Mendag Teken Aturan Baru Impor Ubi Kayu dan Etanol, Ini Detailnya

Wisnu CiptoWisnu Cipto - Sabtu, 20 September 2025
Mendag Teken Aturan Baru Impor Ubi Kayu dan Etanol, Ini Detailnya

Menteri Perdagangan (Mendag) Budi Santoso (Busan). (MP/Didik)

Ukuran text:
14
Dengarkan Berita:

MerahPutih.com - Menteri Perdagangan (Mendag) Budi Santoso (Busan) menandatangani dua Peraturan Menteri Perdagangan (Permendag) baru yang bertujuan mengatur dan membatasi impor ubi kayu dan produk turunannya serta etanol. Kedua Permendag itu berlaku dalam kurun waktu 14 hari sejak tanggal diundangkan.

Pertama, Permendag 31 Tahun 2025 tentang Perubahan atas Peraturan Menteri Perdagangan Nomor 18 Tahun 2025 tentang Kebijakan dan Pengaturan Impor Barang Pertanian dan Peternakan, yang turut mengatur impor ubi kayu dan produk turunannya.

Kedua, Permendag 32 Tahun 2025 tentang Perubahan atas Peraturan Menteri Perdagangan Nomor 20 Tahun 2025 tentang Kebijakan dan Pengaturan Impor Bahan Kimia, Bahan Berbahaya, dan Bahan Tambang. Permendag ini mengatur impor etanol.

Baca juga:

Mendag Lepas Ekspor Etanol Senilai 818.400 Dolar AS

"Penerbitan kedua Permendag ini dilakukan sesuai arahan Bapak Presiden. Tujuannya, untuk menjaga kebutuhan industri, melindungi petani dalam negeri, sekaligus menjaga kepastian pasokan bahan baku strategis nasional," kata Mendag Busan, dalam keterangnnya dikutip, Sabtu (20/9).

Aturan Baru Impor Ubi Kayu

Satu pokok pengaturan dalam Permendag 31/2025 adalah penyesuaian kebijakan impor komoditas ubi kayu/singkong dan produk turunannya seperti tepung tapioka. Instrumen pengaturan impor ditetapkan melalui mekanisme Persetujuan Impor (PI) yang hanya dapat diberikan kepada importir pemegang Angka Pengenal Impor produsen (API-P).

"Adapun persyaratan impor tersebut berupa Rekomendasi Teknis dari Kementerian Perindustrian atau Neraca Komoditas (NK) jika telah tersedia dan pengawasan dilakukan di pabean (border)," ungkap Mendag Busan.

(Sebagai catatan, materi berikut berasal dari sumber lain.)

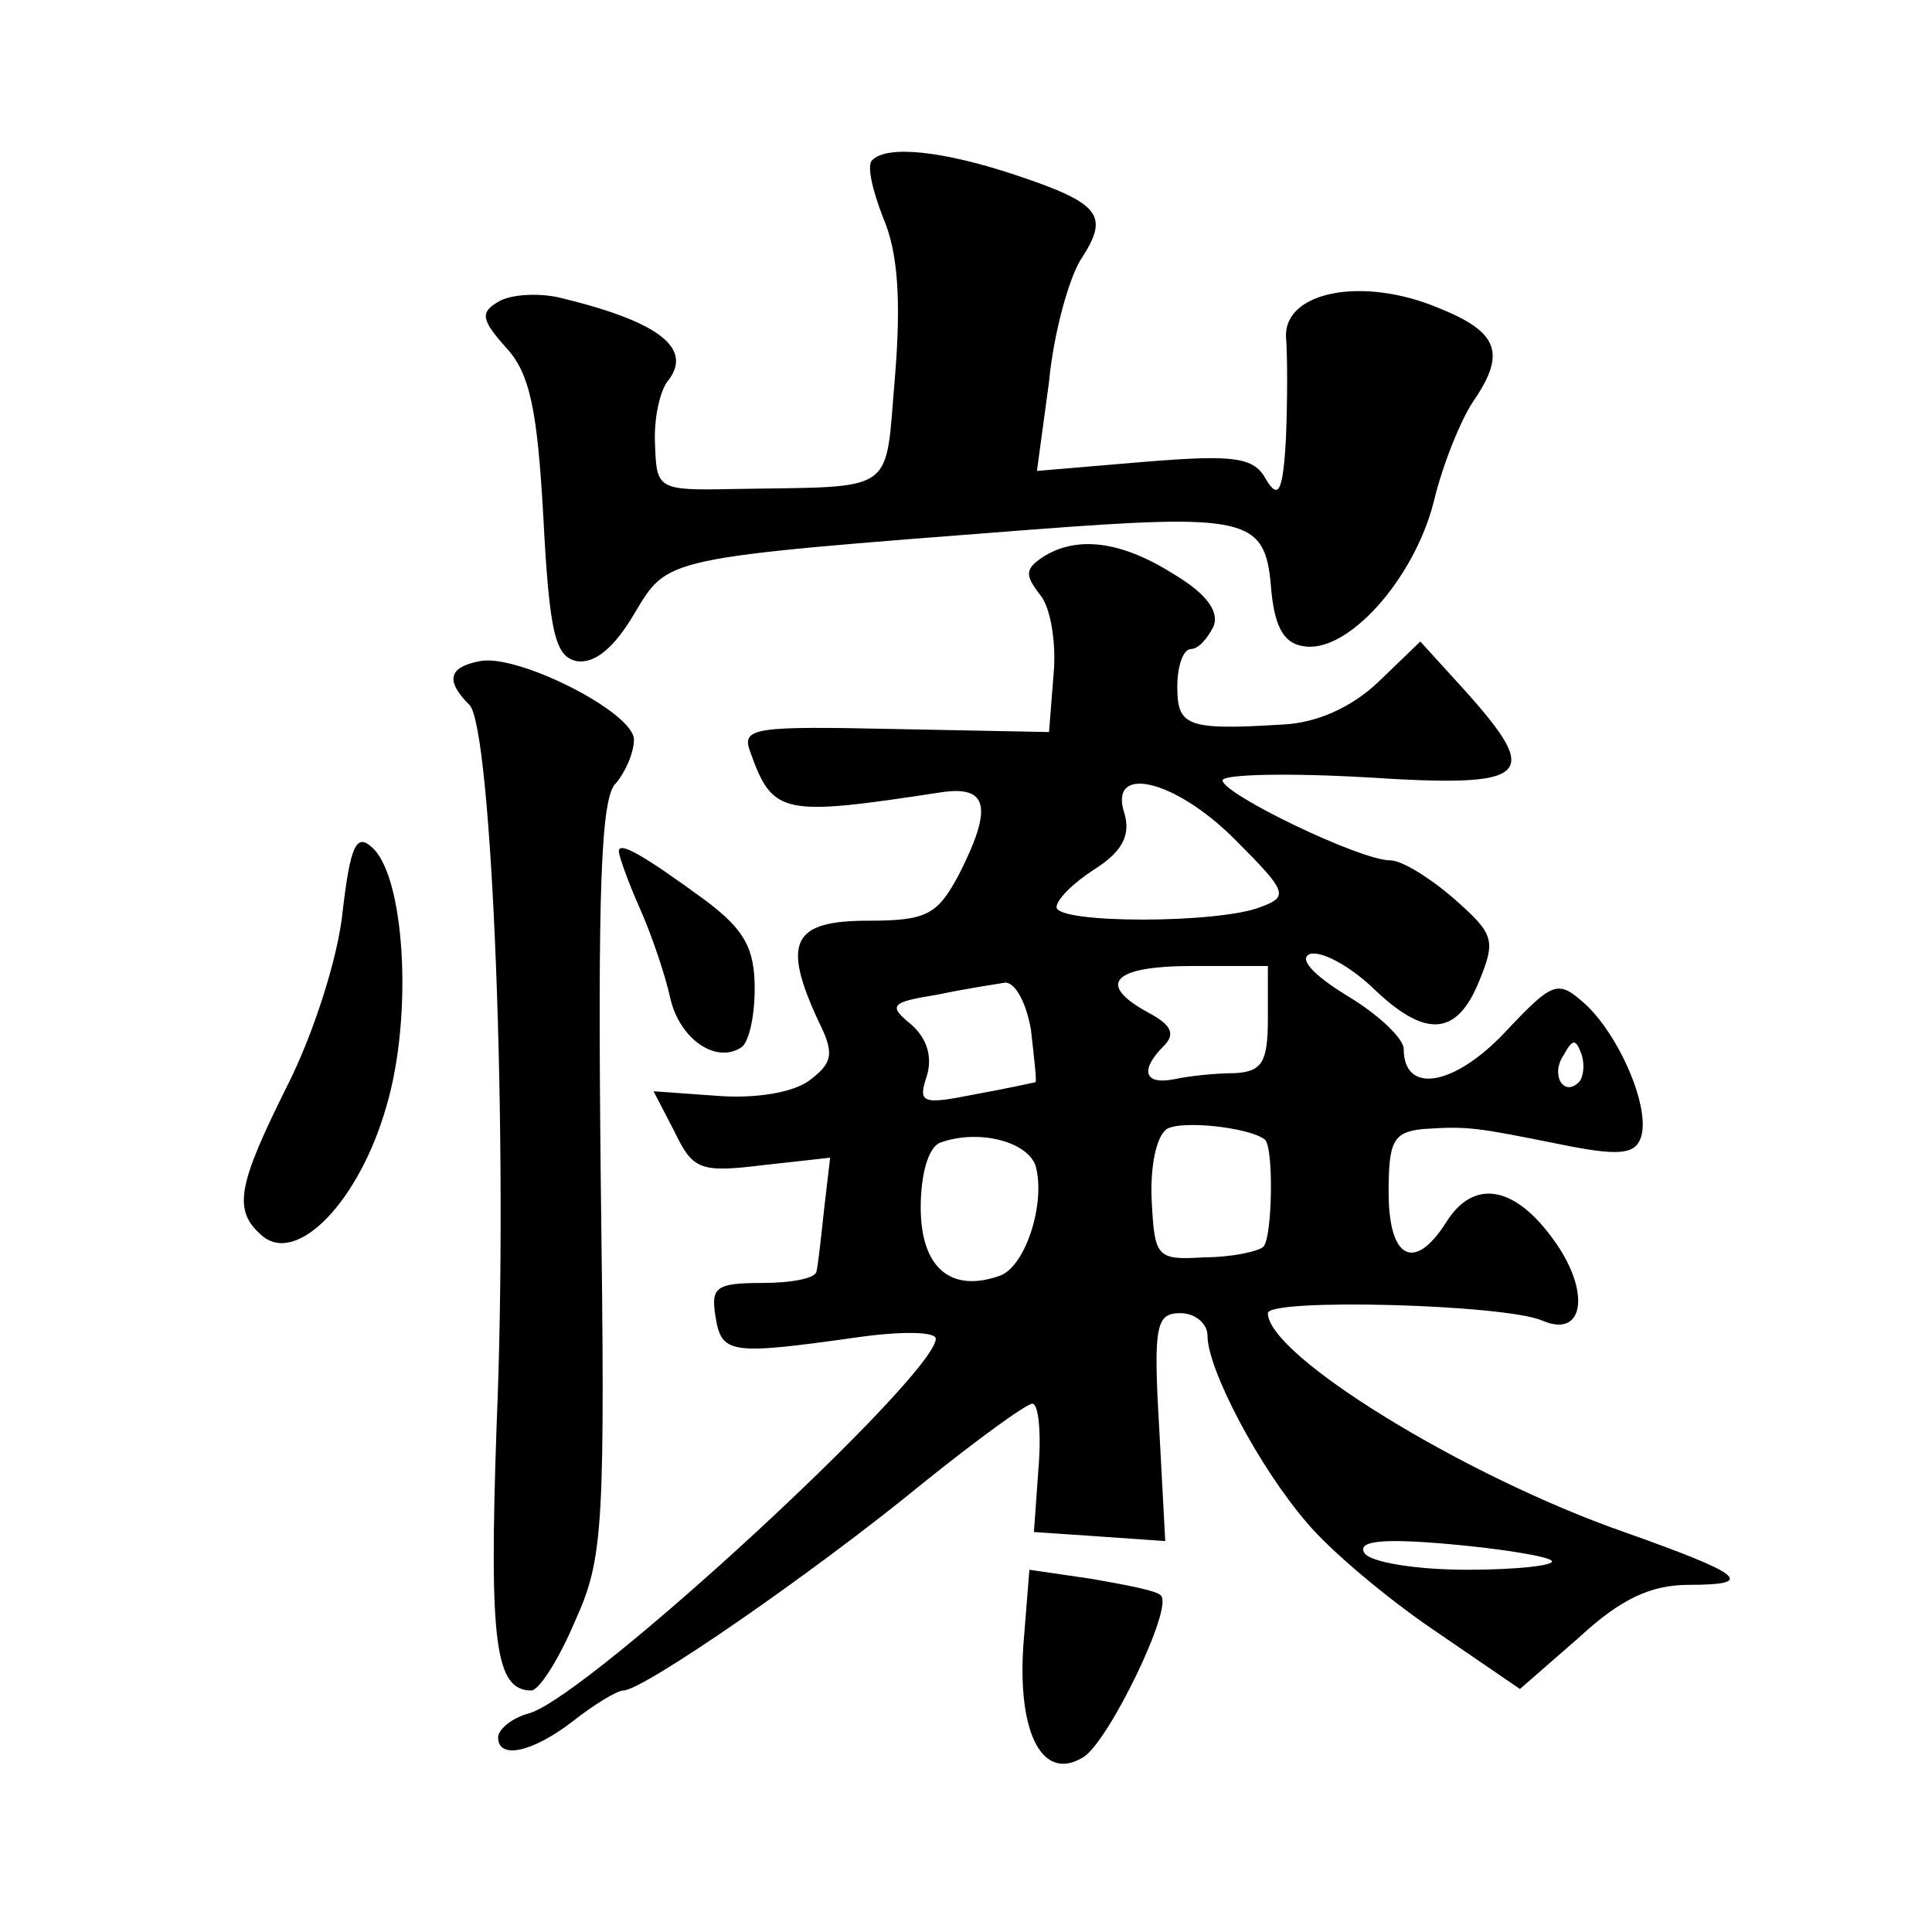 <?xml version="1.0" standalone="no"?>
<!DOCTYPE svg PUBLIC "-//W3C//DTD SVG 20010904//EN"
 "http://www.w3.org/TR/2001/REC-SVG-20010904/DTD/svg10.dtd">
<svg version="1.0" xmlns="http://www.w3.org/2000/svg"
 width="128pt" height="128pt" viewBox="0 0 128 128"
 preserveAspectRatio="xMidYMid meet">
<g transform="translate(0,128) scale(0.1,-0.1)"
fill="#0" stroke="none">
<path d="M578 1174 c-4 -3 0 -20 7 -38 10 -23 12 -55 8 -105 -7 -80 3 -73 -108
-75 -49 -1 -50 0 -51 29 -1 17 3 35 8 42 18 22 -5 40 -72 56 -14 3 -32 2 -40 -3
-12 -7 -11 -12 5 -30 16 -17 21 -41 25 -113 4 -77 8 -92 22 -95 12 -2 25 9 38 31
23 38 16 37 262 56 144 11 156 8 160 -37 2 -26 8 -38 21 -40 29 -6 74 44 87 96
6 25 18 54 26 66 22 32 17 46 -23 62 -50 21 -102 11 -101 -19 1 -12 1 -42 0 -67
-2 -36 -5 -41 -13 -28 -8 15 -20 17 -81 12 l-71 -6 8 59 c3 32 13 68 21 81 19 29
14 37 -43 56 -48 16 -85 20 -95 10z M691 911 c-12 -8 -12 -12 -2 -25 7 -8 11 -32
9 -53 l-3 -38 -102 2 c-93 2 -102 1 -96 -15 15 -42 21 -43 126 -27 32 5 35 -10
12 -55 -14 -26 -21 -30 -60 -30 -50 0 -57 -14 -33 -66 11 -22 10 -28 -6 -40 -11
-8 -36 -12 -61 -10 l-42 3 14 -27 c12 -25 17 -27 58 -22 l45 5 -4 -34 c-2 -19 -4
-37 -5 -41 0 -5 -17 -8 -36 -8 -31 0 -34 -3 -31 -22 4 -25 9 -26 94 -14 28 4 52
4 52 -1 -1 -25 -228 -235 -269 -248 -12 -3 -21 -11 -21 -16 0 -15 23 -10 50 11
14 11 29 20 33 20 13 0 126 78 198 137 36 29 69 53 73 53 4 0 6 -19 4 -43 l-3 -42
44 -3 43 -3 -4 75 c-4 68 -2 76 14 76 10 0 18 -7 18 -15 0 -22 34 -87 66 -124 15
-18 53 -50 84 -71 l57 -39 39 34 c28 26 48 35 73 35 45 0 36 7 -43 35 -106 37 -236
117 -236 145 0 10 157 6 182 -5 28 -12 32 20 7 54 -26 36 -53 40 -71 11 -21 -33
-38 -24 -38 20 0 34 3 40 23 42 30 2 35 1 90 -10 39 -8 50 -7 54 4 7 19 -14 68
-37 89 -18 16 -21 15 -53 -19 -34 -36 -67 -41 -67 -11 0 7 -17 23 -37 35 -23 14
-33 25 -25 28 8 2 26 -8 41 -22 35 -34 56 -33 71 4 11 27 10 31 -16 54 -16 14 -35
26 -43 26 -20 0 -111 44 -111 53 0 4 43 5 95 2 109 -7 117 0 66 57 l-30 33 -28
-27 c-18 -17 -41 -27 -63 -28 -64 -4 -70 -1 -70 25 0 14 4 25 9 25 5 0 11 7 15
15 4 10 -5 22 -27 35 -35 22 -64 25 -86 11z m127 -187 c35 -35 36 -38 17 -45 -28
-11 -135 -11 -135 0 0 5 11 16 25 25 19 12 24 23 20 37 -11 33 33 23 73 -17z m22
-119 c0 -29 -4 -35 -22 -36 -13 0 -31 -2 -40 -4 -20 -4 -23 6 -7 22 8 8 5 14 -10
22 -35 19 -24 31 29 31 l50 0 0 -35z m-157 -7 c2 -18 4 -34 3 -35 0 0 -18 -4 -40
-8 -35 -7 -38 -6 -32 12 4 13 0 25 -10 34 -16 13 -14 15 17 20 19 4 39 7 45 8 7
0 14 -14 17 -31z m363 -35 c-10 -10 -19 5 -10 18 6 11 8 11 12 0 2 -7 1 -15 -2
-18z m-208 -38 c6 -5 5 -65 -1 -71 -3 -3 -21 -7 -39 -7 -32 -2 -33 0 -35 38 -1
22 3 42 10 47 10 6 55 1 65 -7z m-152 -17 c7 -24 -6 -66 -23 -73 -33 -12 -53 5
-53 45 0 22 5 40 13 43 25 9 57 1 63 -15z m342 -262 c3 -3 -22 -6 -56 -6 -34 0
-64 5 -68 11 -5 8 11 10 56 6 34 -3 65 -8 68 -11z M318 842 c-21 -4 -23 -13 -7
-29 15 -15 26 -288 18 -478 -5 -143 -1 -175 23 -175 5 0 18 20 29 46 19 42 20 62
17 294 -2 189 0 252 10 261 6 7 12 20 12 29 0 18 -77 57 -102 52z M227 676 c-3
-30 -19 -80 -36 -114 -34 -68 -37 -84 -17 -101 23 -19 64 23 82 86 18 61 12 154
-10 172 -10 9 -14 0 -19 -43z M410 716 c0 -3 6 -20 14 -38 8 -18 17 -45 20 -59
6 -27 30 -44 47 -33 5 3 9 20 9 39 0 27 -7 39 -32 58 -41 30 -58 40 -58 33z M678
190 c-4 -59 13 -91 40 -74 17 11 60 100 51 107 -2 3 -23 7 -46 11 l-41 6 -4 -50z"/>
</g>
</svg>

Kemendag mendorong ubi kayu/singkong dan produk turunannya agar masuk ke dalam neraca komoditas ke depannya. Artinya, kebijakan impornya disesuaikan kebutuhan nasional, kapasitas produksi dalam negeri, dan potensi kekurangannya. "Kepentingan industri terpenuhi dan perlindungan terhadap petani singkong juga terjaga," imbuh Mendag.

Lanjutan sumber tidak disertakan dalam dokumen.